With the introduction of HTML5, developers have acquired a new tool for delivering video to their audiences. Alongside the juggernaut Flash Player – installed in 99 per cent of internet-enabled personal computers – HTML5 is poised to be a major player in the video world.
However, for better or worse, the HTML5 specification doesn’t rigidly define all aspects of video delivery, and the inevitable format wars that arise in such cases are making life a little difficult for developers and content creators everywhere. This multi-part series looks at how to navigate these ever-changing waters. This first installment will discuss how to use HTML5 in conjunction with Flash Player to reach the widest possible audience, and how to create video assets in all the forms required to achieve this goal.
What is HTML5?
The first thing that really needs to be said is that HTML5 is not a standard. It’s still in flux and that can have a big impact on early adopters. The draft HTML5 specification was started in 2004 by Web Hypertext Application Technology Working Group (WHATWG), a collection of industry players founded by individuals of Apple, the Mozilla Foundation, and Opera Software. The Wide Web Consortium (W3C) then adopted it as a working draft in 2007. The spec’s Last Call (seeking peer and public review of the spec in its near-final form) was issued in May 2011 but, though no major new features are expected, it isn’t even feature-complete. Experts don’t expect the specification to be ratified by the W3C until anywhere from 2014 to 2022, depending on whose guess you’re listening too, and when it was made.
Fun Fact: Although the W3C is currently still using HTML5 as the spec’s moniker, the WHATWG – considered by many to be the principal force behind the evolution of HTML – has dropped numbering from future efforts. It plans to stick with “HTML” and dubs it a “living standard.”
What does all this mean? At this point, it really only means that early adopters need to be prepared for changes as the specification goes through it’s final, albeit multi-year, phase. Many HTML5 features are available today, and most experts agree that radical changes in the spec are not likely.
The trouble is, we’ve only been talking about the official relatively-soon-to-be standard thus far. Implementation of that standard is another matter. Each browser, and every version of each browser, implements HTML5 features to a varying degree, and with varying success. That makes things more difficult for developers, and we’re just getting started. Here’s a quick snapshot of browser and mobile operating system (OS) compatibility when it comes to basic HTML5 video features:
What is HTML5 video?
<video src="vid.mp4" width="320" height="240" controls></video>
But before we can get to much better uses of the markup, we need to recognise that this is only a small part of the picture. Arguably more important (and certainly more complex) than the markup, is the format of the content itself. Although the term format is used fairly freely, it most often collectively represents not only the algorithms for compressing and decompressing video and audio data, but also the container that delivers this data in a cohesive, usable form. Simply put, a container is a wrapper for video, audio, and related content.

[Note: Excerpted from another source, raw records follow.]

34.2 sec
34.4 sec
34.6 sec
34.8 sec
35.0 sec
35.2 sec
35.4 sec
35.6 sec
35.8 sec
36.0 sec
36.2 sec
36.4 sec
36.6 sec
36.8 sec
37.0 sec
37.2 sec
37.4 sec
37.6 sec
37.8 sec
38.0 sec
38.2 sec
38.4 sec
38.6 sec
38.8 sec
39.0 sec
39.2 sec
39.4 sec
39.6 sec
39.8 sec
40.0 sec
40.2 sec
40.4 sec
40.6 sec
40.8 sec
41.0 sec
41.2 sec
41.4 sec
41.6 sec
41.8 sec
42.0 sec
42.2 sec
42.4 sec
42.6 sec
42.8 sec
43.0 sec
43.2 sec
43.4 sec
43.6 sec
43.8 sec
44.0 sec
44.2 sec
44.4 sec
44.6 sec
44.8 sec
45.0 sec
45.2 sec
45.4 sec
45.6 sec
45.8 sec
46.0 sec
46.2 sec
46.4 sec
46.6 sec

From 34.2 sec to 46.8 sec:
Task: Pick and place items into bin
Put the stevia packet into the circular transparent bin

One of the biggest challenges facing HTML5 developers is that the current HTML5 draft specification doesn’t recommend any one video format browsers should support. The teams behind each browser are left to determine which video format is best suited to the task. This has resulted in a splintered implementation of video features and poses a significant hurdle that content creators must overcome. In fact, to support HTML5 video delivery in all of the most widely used browsers, a developer must either create three separate files for each video, or rely on a server solution that transcodes (converts from one format to another) on the fly.

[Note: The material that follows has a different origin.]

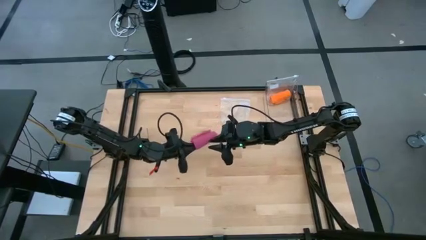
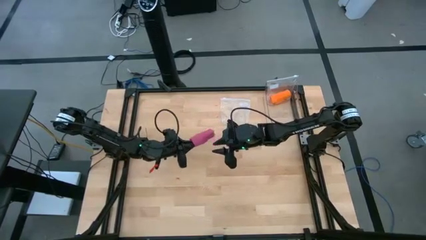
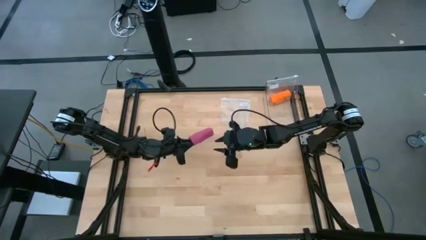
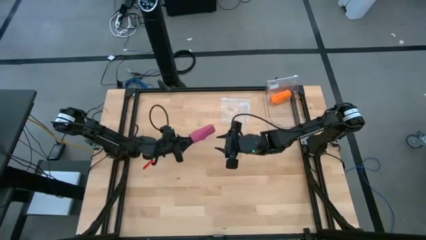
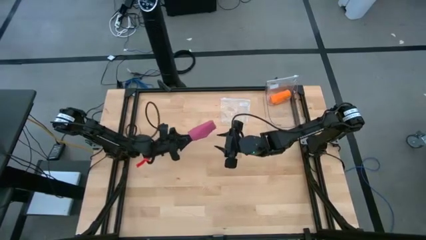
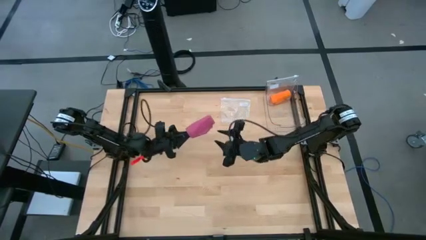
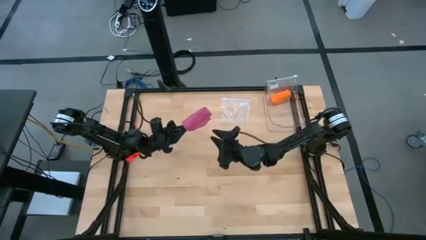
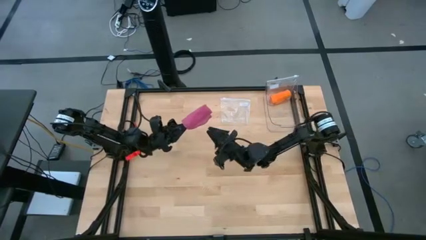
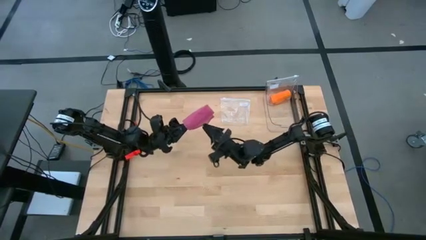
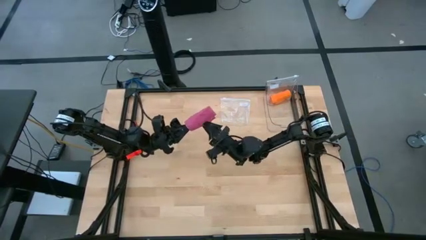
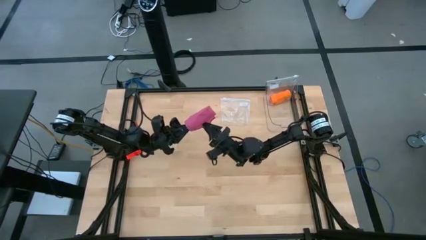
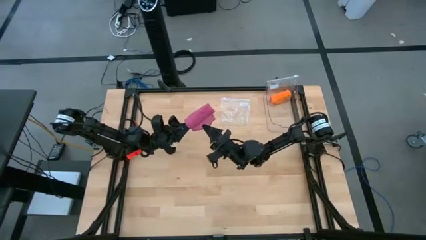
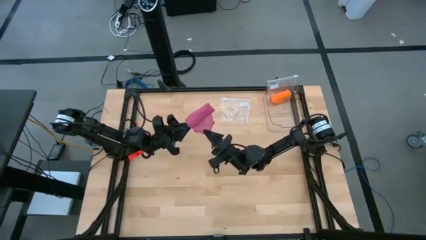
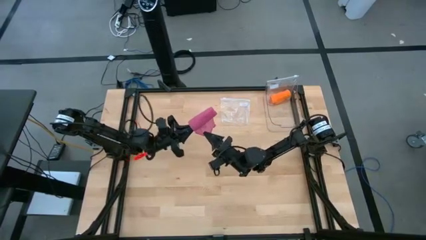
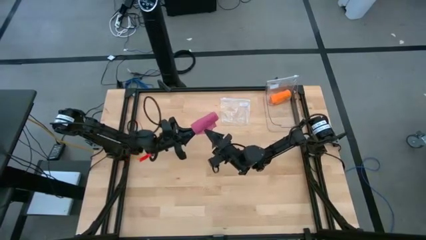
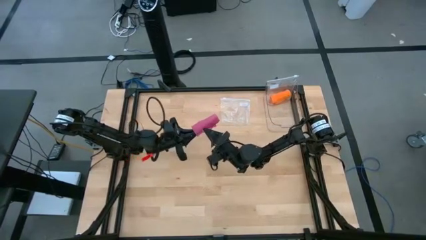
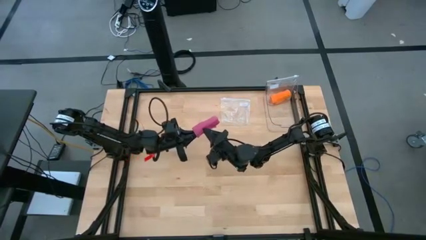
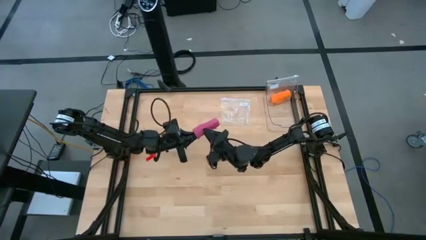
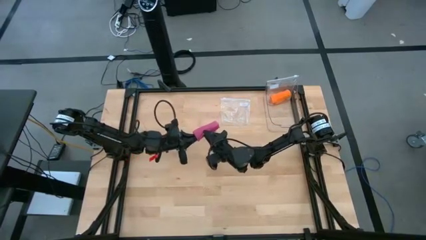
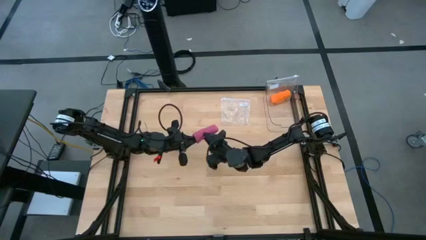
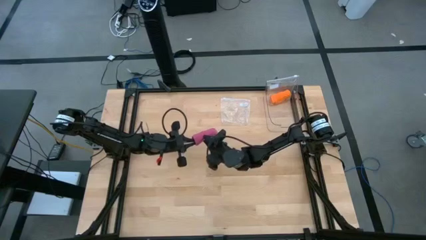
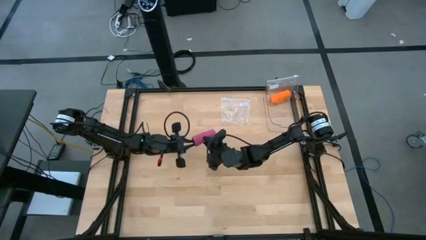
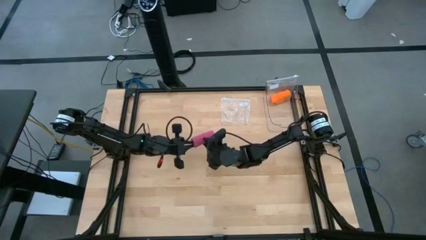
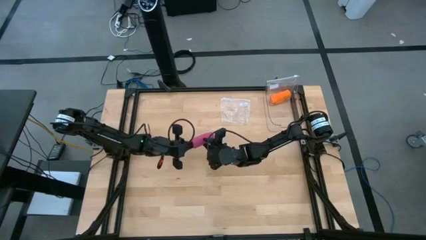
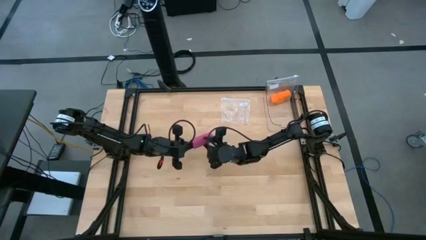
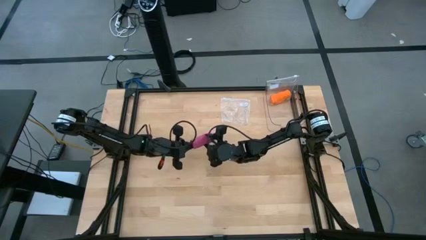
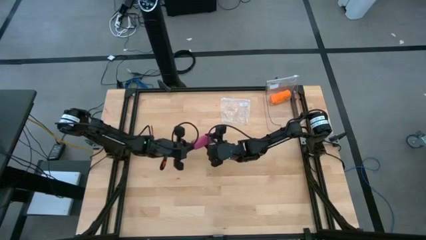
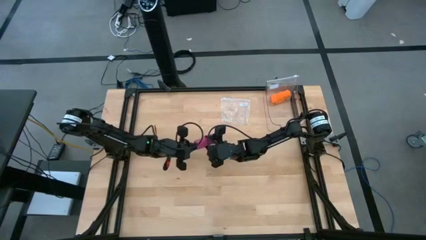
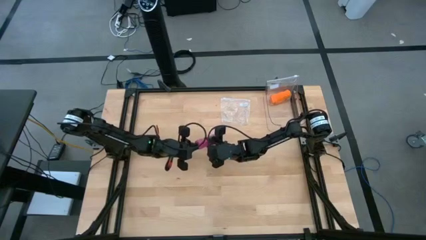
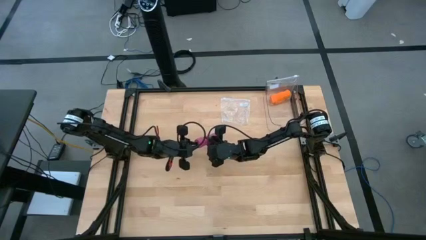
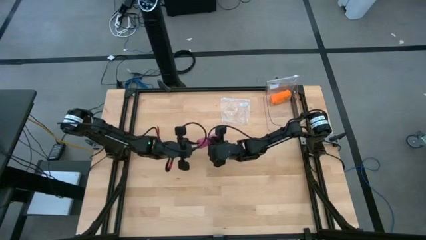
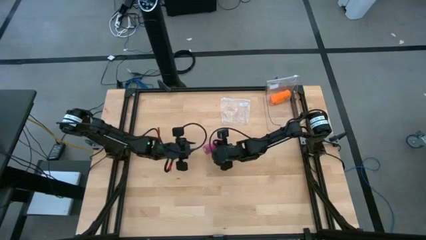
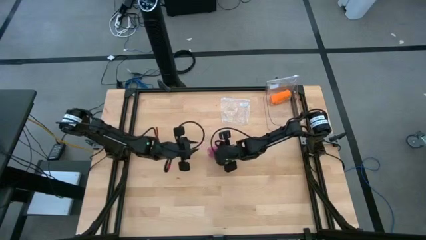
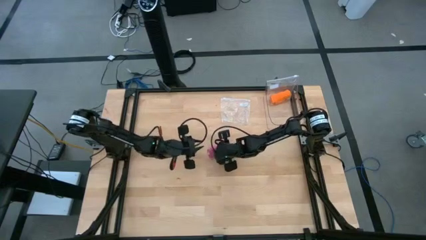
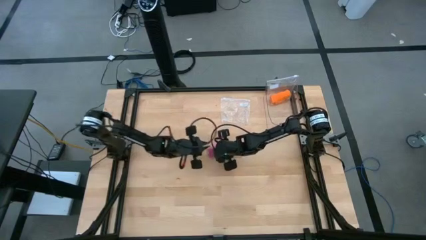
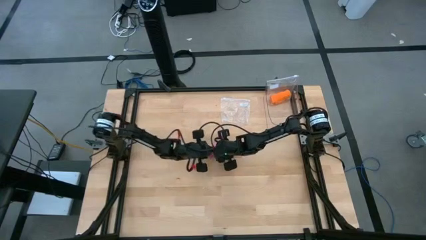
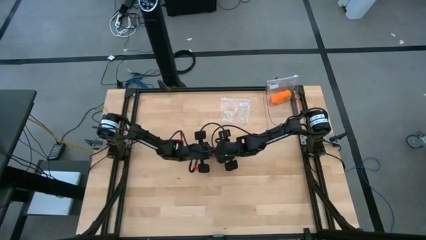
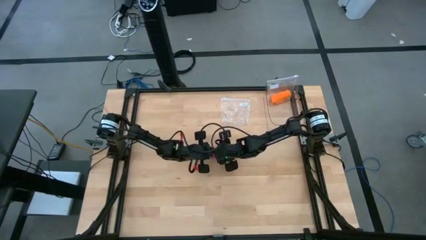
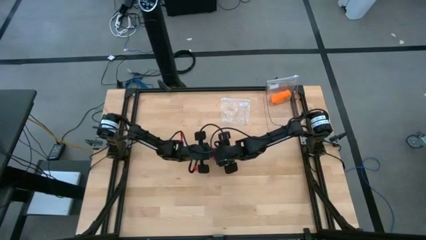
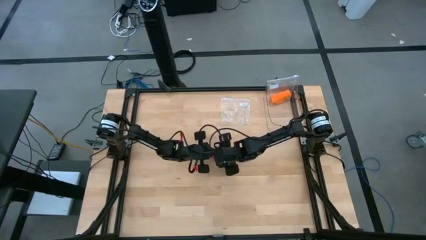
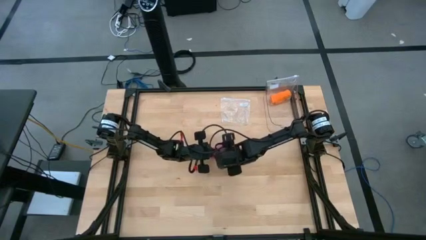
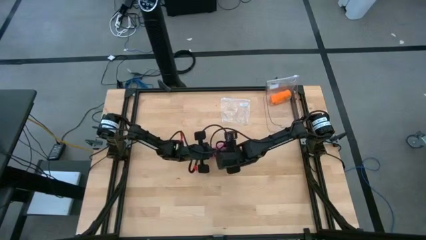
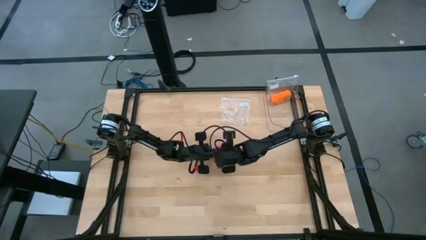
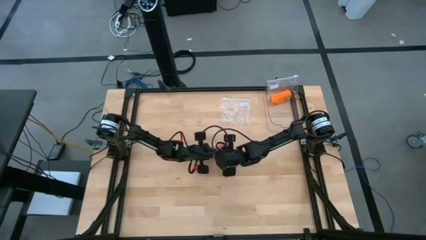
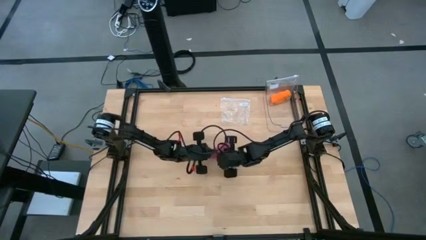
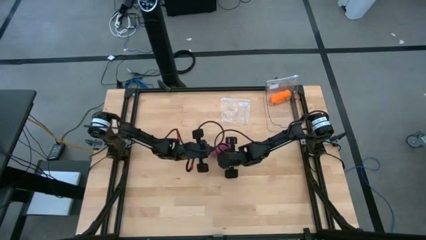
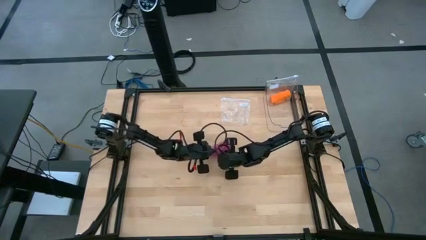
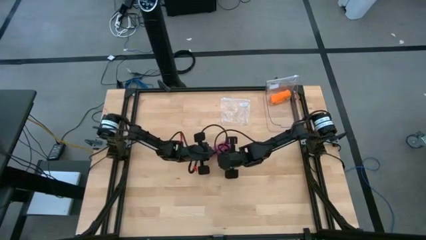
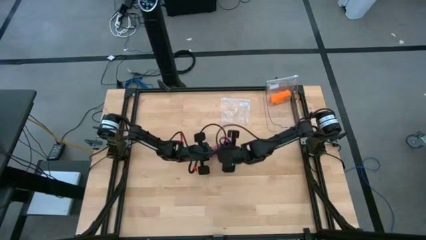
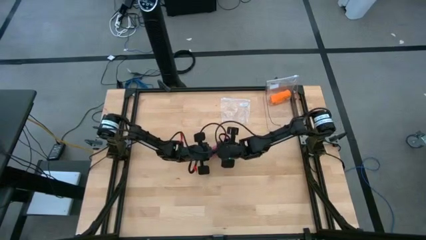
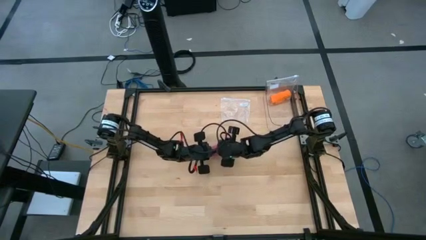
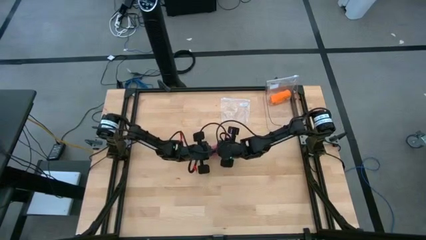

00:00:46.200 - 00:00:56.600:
Task: Roll bandage
Roll the pink bandage

For this article, we’ll confine our discussion to HTML5- and Flash-compatible containers and, for the most part, the video and audio portions therein. However, these wrappers can also support additional features such as subtitles, chapter information, and meta-data, as well as how all of these data types are synchronised. In some cases, containers support further options such as digital rights management (DRM), basic 3D rendering options, and hardware rendering support.
There are four primary containers supported by HTML5 and/or Flash. The pros and cons of each format are largely down to the video and audio features they include (which I’ll talk about in a moment), but some container-specific features warrant mentioning here, too.

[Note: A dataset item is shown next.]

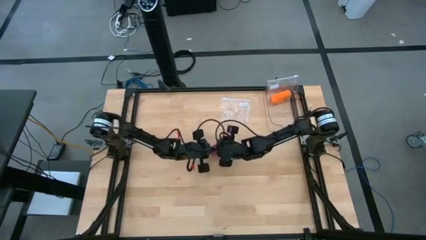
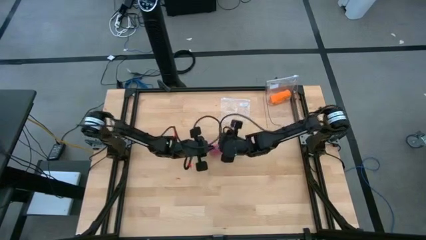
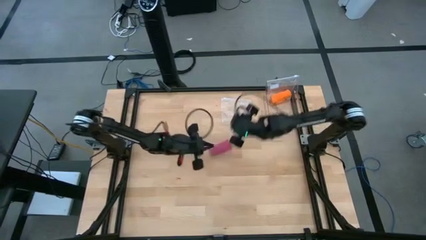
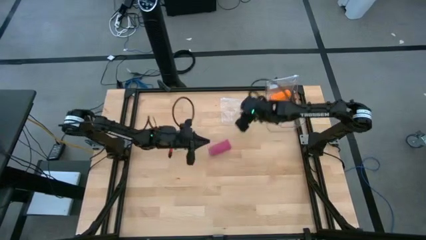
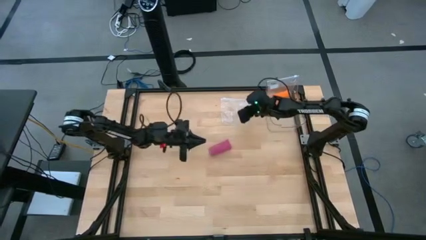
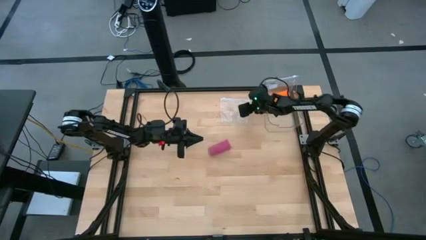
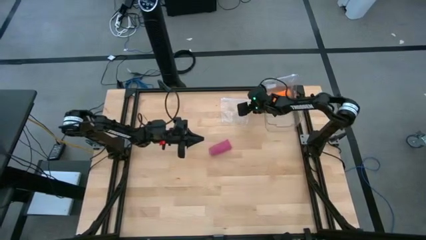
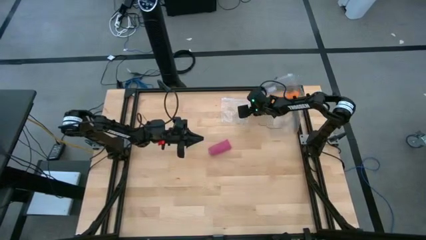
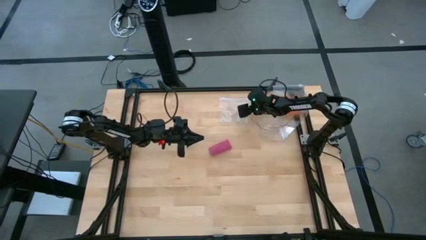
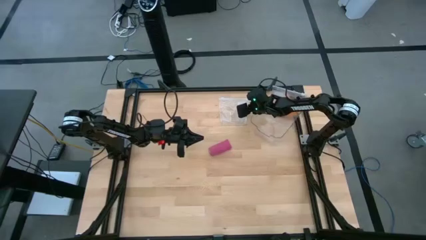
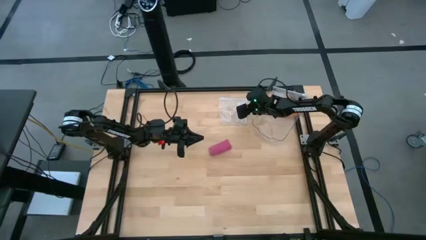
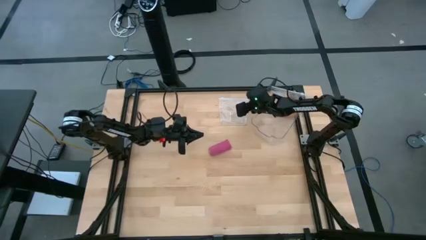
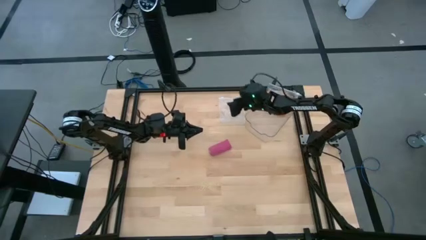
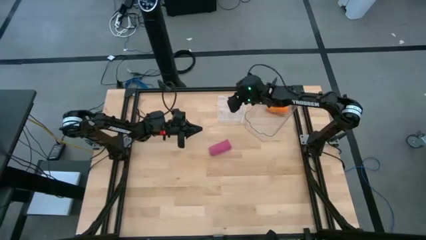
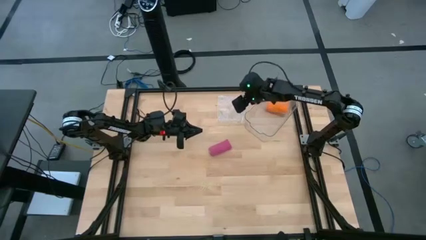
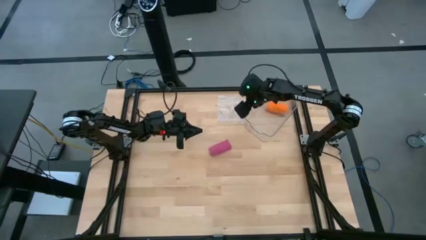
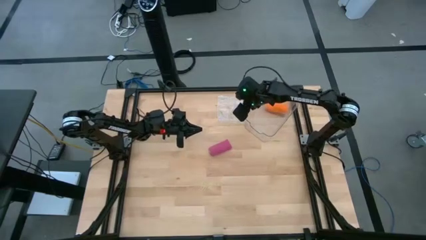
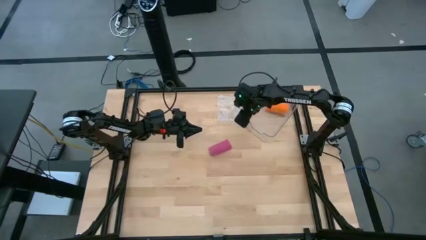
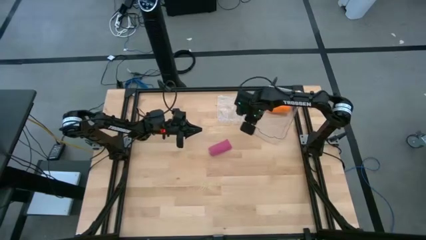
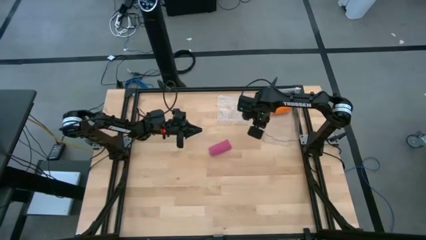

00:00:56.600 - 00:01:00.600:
Adjust the transparent bin

MPEG-4 (more accurately MPEG-4, Part 14) is a proprietary container controlled by the Moving Picture Experts Group. Using the familiar file extension .mp4 (though .m4v is sometimes also used), the MPEG-4 container is arguably the most recognised. It has its roots in Apple’s QuickTime container (which typically uses the .mov extension) and is currently the most common choice for desktop and mobile devices for video playback. It is, for example, the container used by the iTunes Mac/Windows/iPhone/iPad/iTouch eco-system. However, due to patent and licensing issues, this is slowly changing and the HTML5 initiative is accelerating that change. As a container, MPEG-4 is notable because it supports digital rights management – an essential feature for some content creators, and is also attractive because hardware acceleration (chip-based, or assisted, encoding and/or decoding at runtime) is widely available for the format. In addition to its inclusion in the HTML5 spec, Flash Player also supports the MPEG-4 container.
Ogg is a free, open container format maintained by the Xiph.Org Foundation. Though the Xiph.Org Foundation recommends use of the .ogv file extension, it’s quite common to see Ogg video files with the .ogg extension. Ogg is native in the Linux OS, and supported in the Mac and Windows operating systems by QuickTime components. The Windows OS can also use a Windows Media Player extension or DirectShow filters to display Ogg content.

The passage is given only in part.